Salisbury’s Long-Jawed Ground Spider
- Conservation status: Least Concern (SANBI Red List)

Scientific classification
- Kingdom: Animalia
- Phylum: Arthropoda
- Subphylum: Chelicerata
- Class: Arachnida
- Order: Araneae
- Infraorder: Araneomorphae
- Family: Gallieniellidae
- Genus: Drassodella
- Species: D. salisburyi
- Binomial name: Drassodella salisburyi Hewitt, 1916
- Synonyms: Drassodella salisburii Hewitt, 1916 ;

= Drassodella salisburyi =

- Authority: Hewitt, 1916
- Conservation status: LC

Species of spider

Drassodella salisburyi is a species of spider in the family Gallieniellidae. It is the type species of the genus Drassodella and is endemic to South Africa.

==Distribution==
Drassodella salisburyi is endemic to the Eastern Cape province at elevations ranging from 222–1488 m above sea level.
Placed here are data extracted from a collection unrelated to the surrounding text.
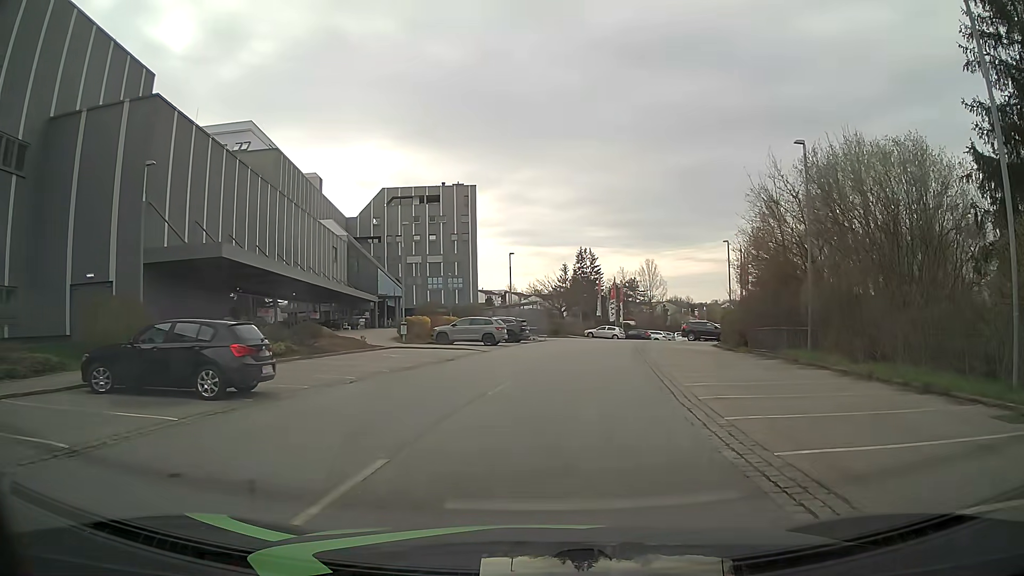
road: service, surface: asphalt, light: Day
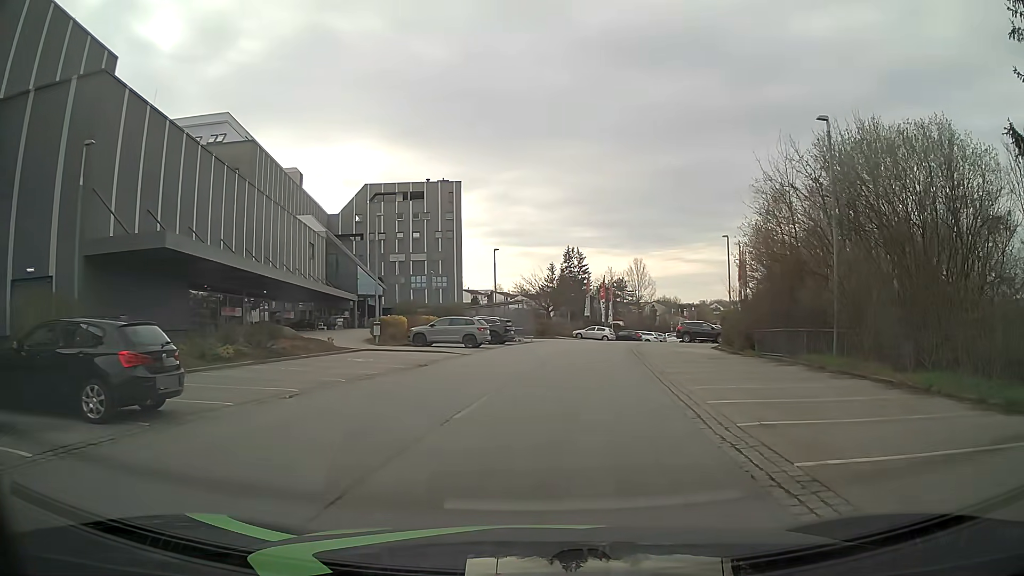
(0.0, +3.2) m; -1°
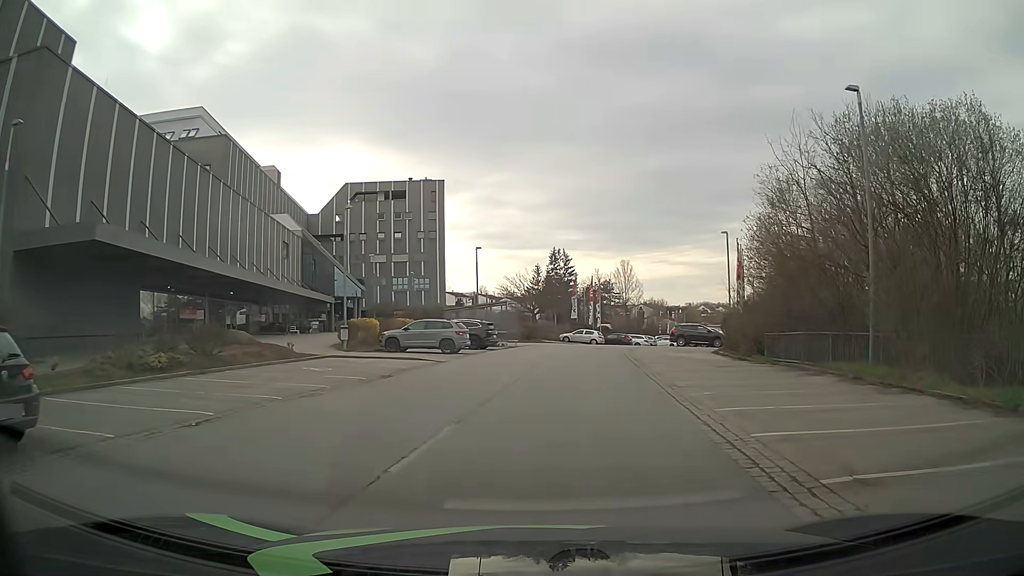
(+0.1, +3.2) m; +3°
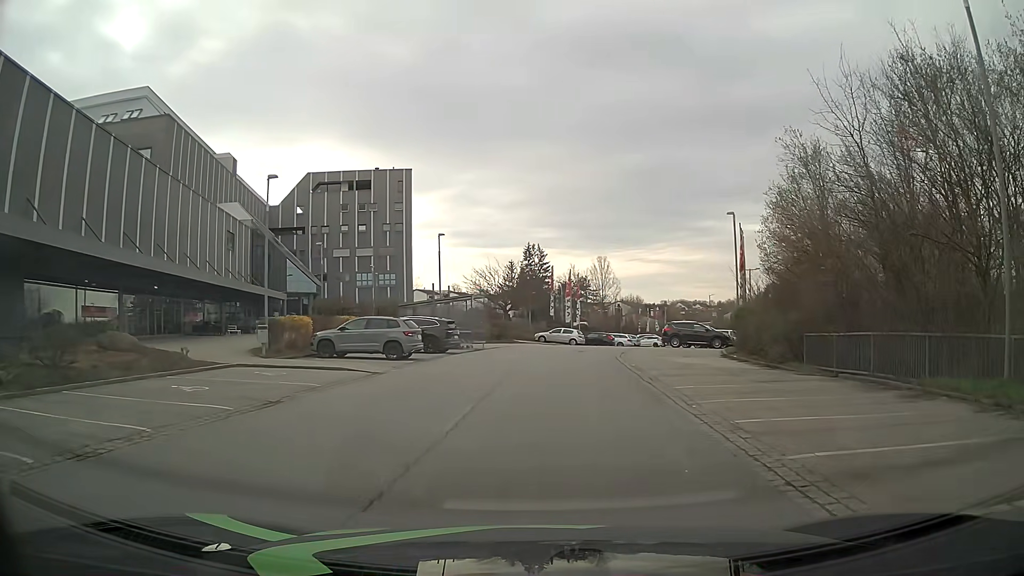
(+0.1, +6.7) m; +1°
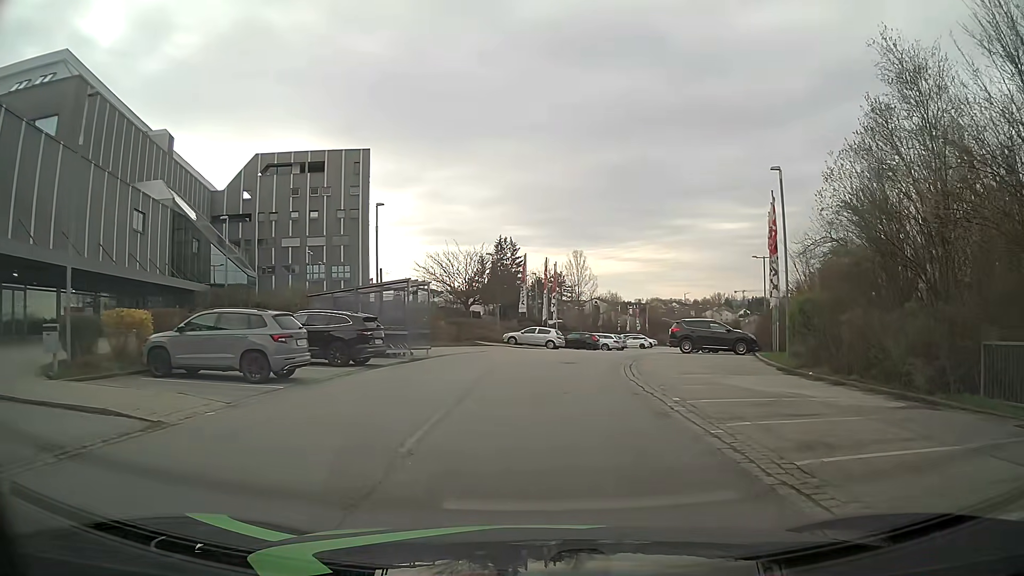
(+0.2, +10.5) m; +2°
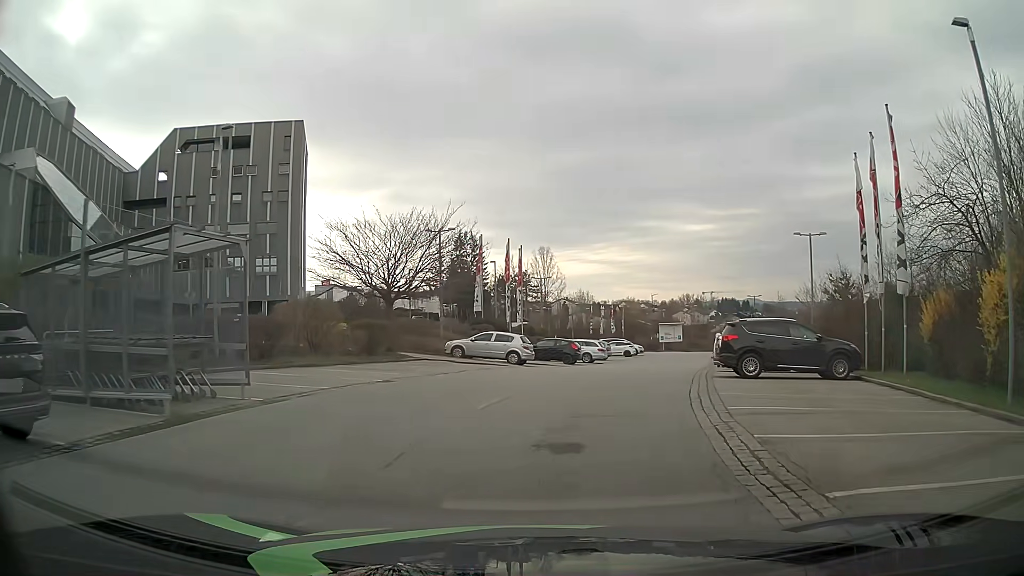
(+0.4, +14.4) m; +4°
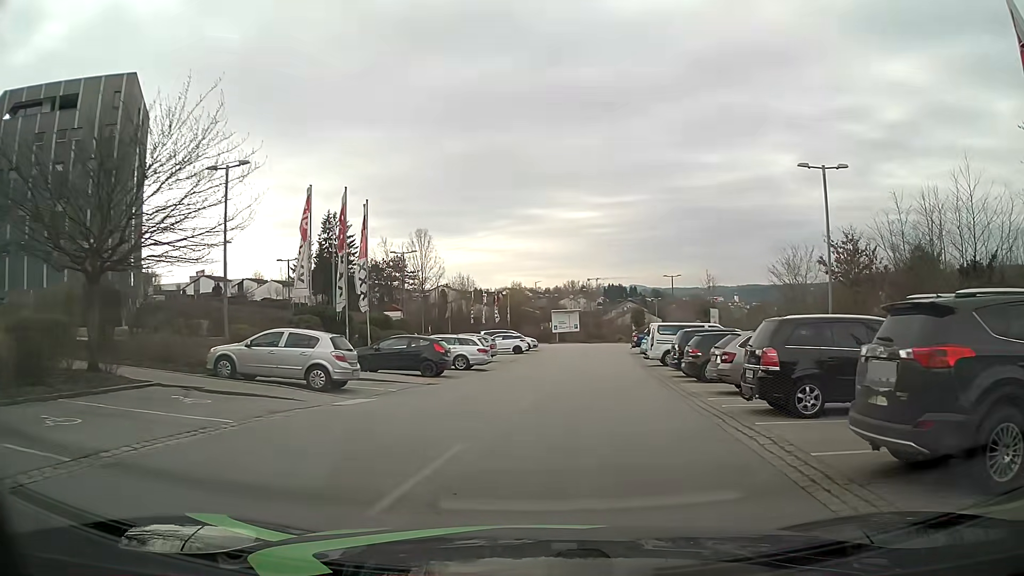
(+1.0, +14.4) m; +9°
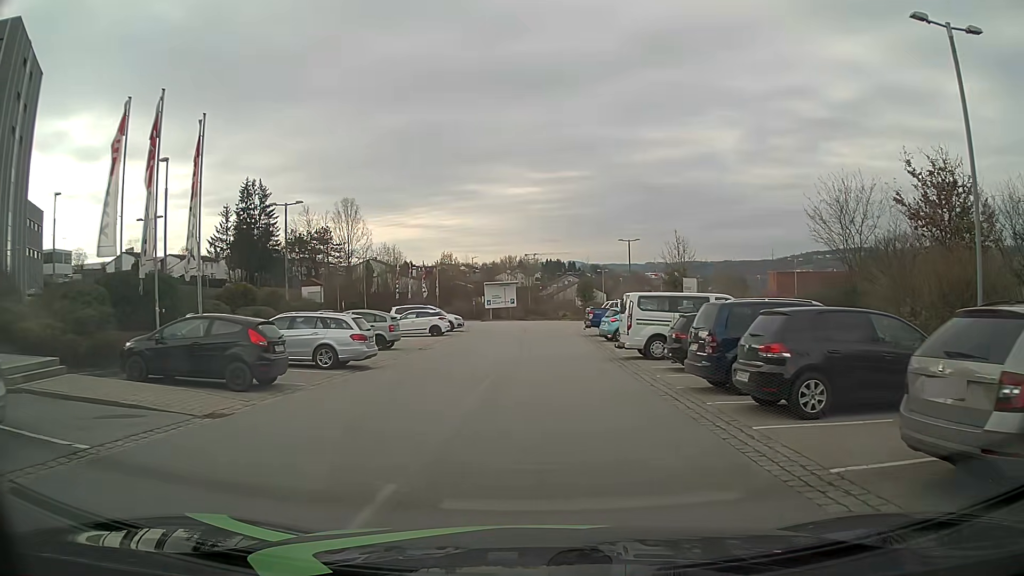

Known localities include Asante Sana Game Reserve, Grahamstown (type locality), Kentani, Van Stadens Pass, and Great Fish River Reserve.

==Habitat==
The species was sampled in some localities with pitfall traps and is recorded from Thicket, Indian Ocean Coastal Belt, and Fynbos biomes.

==Description==

Both sexes are known. They can be recognized by the broad pale median band on the opisthosoma dorsally.

==Conservation==
Drassodella salisburyi is listed as Least Concern as it has a wide enough distribution range. The species is protected in Asante Sana Private Game Reserve and Great Fish River Reserve. Threats to the species are not considered significant.